So it appears that using `colsample_bylevel = .1` provides the strongest increase in the score.

### Tuning l2 regularization leaf

Now l2 regularization is hyperparameter that we have not seen before with tree based models.  The basic idea is that there is increased variance as our trees become more complex -- as they have more splits.  So with l2 regularization, there the decision tree will only continue to split if there is a significant improvement from not splitting.  The threshold of improvement needed is determined by the hyperparameter.

In [52]:
l2_vals = list(range(1, 12, 2))
l2_vals

[1, 3, 5, 7, 9, 11]

In [53]:
l2_models = [CatBoostRegressor(iterations=1000, max_depth=12,  
                                colsample_bylevel = .1,
                                logging_level = 'Silent', l2_leaf_reg = val).fit(train_pool) for val in l2_vals]

In [55]:
[model.score(validate_pool) for model in l2_models]

[0.5210297767132677,
 0.5195998473448362,
 0.5285313071922895,
 0.5272492438928775,
 0.5297997737844614,
 0.5264380609616861]

Here, we begin to see a bump as we get upwards of 9 and 11.  Let's try higher numbers.

In [56]:
l2_models = [CatBoostRegressor(iterations=1000, max_depth=12,  
                                colsample_bylevel = .1,
                                logging_level = 'Silent', l2_leaf_reg = val).fit(train_pool) for val in [13, 15, 17]]

In [57]:
[model.score(validate_pool) for model in l2_models]

[0.5246821966369193, 0.5202944091370997, 0.5210612140544018]

It looks like we see a peak right around 9.  Let's now just try values 8 and 10.

In [58]:
l2_models_eight_ten = [CatBoostRegressor(iterations=1000, max_depth=12,  
                                colsample_bylevel = .1,
                                logging_level = 'Silent', l2_leaf_reg = val).fit(train_pool) for val in [8, 10]]

In [59]:
[model.score(validate_pool) for model in l2_models_eight_ten]

[0.5273739387034617, 0.5238129670744792]

So we can see that the top value is when we had `l2_leaf_reg = 9`.

### Setting the Learning Rate

Ok, now it's time to work with setting the learning rate.  The general rule is that the lower the learning rate, the more the number of iterations we'll need to converge.  To prevent our model from overfitting, we can use the overfitting detector, which will stop our model when there is no longer an improvement on the validation set to adding more trees.

> To use the overfitting detector we need to pass through the validation pool when we fit the model.  And we have to specify our overfitting detector -- here `od_type = 'Iter'`, and the `od_wait = 40` means we stop training if there is no improvement for 40 trees.

In [61]:
regressor_learn = CatBoostRegressor(iterations=5000, learning_rate = .01,
                                max_depth=12, l2_leaf_reg = 9,
                                colsample_bylevel = .1, od_type='Iter', od_wait = 40,
                                logging_level = 'Silent').fit(train_pool, eval_set = validate_pool)

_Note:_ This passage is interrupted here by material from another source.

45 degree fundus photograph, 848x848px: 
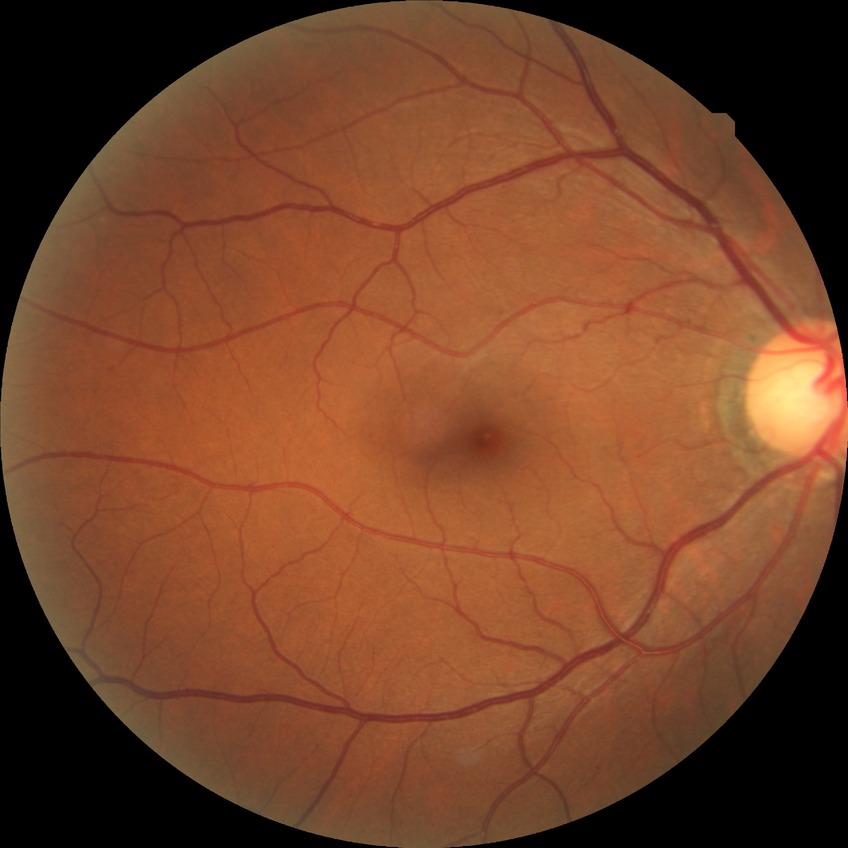

Diabetic retinopathy (DR) is no diabetic retinopathy (NDR).

Now we can look at the best score and best iteration.

In [62]:
regressor_learn.best_score_

{'learn': {'RMSE': 135963397.37969565},
 'validation': {'RMSE': 186490337.30068162}}

In [63]:
regressor_learn.best_iteration_

2851

In [65]:
regressor_learn.score(validate_pool)

0.5274538836079761

> Now that we found the best score for a learning rate of .01, let's cut the learning the rate in half and double the number of iterations.

In [66]:
regressor_smaller_learn = CatBoostRegressor(iterations=6000, learning_rate = .005,
                                max_depth=12, l2_leaf_reg = 9,
                                colsample_bylevel = .1, od_type='Iter', od_wait = 40,
                                logging_level = 'Silent').fit(train_pool, eval_set = validate_pool)

In [67]:
regressor_smaller_learn.best_score_

{'learn': {'RMSE': 141581067.4139003},
 'validation': {'RMSE': 188935636.04809418}}

In [69]:
regressor_smaller_learn.best_iteration_

3407

In [70]:
regressor_smaller_learn.tree_count_

3408

In [71]:
regressor_smaller_learn.score(validate_pool)

0.5149804002794596

Here we see a slightly smaller score, which is likely due to random variation in our trees.

### Summary

In this lesson, we learned about hyperparameter tuning for the catboost regressor.  We saw that some of the parameters are pretty similar to what we saw with a random forest regressor.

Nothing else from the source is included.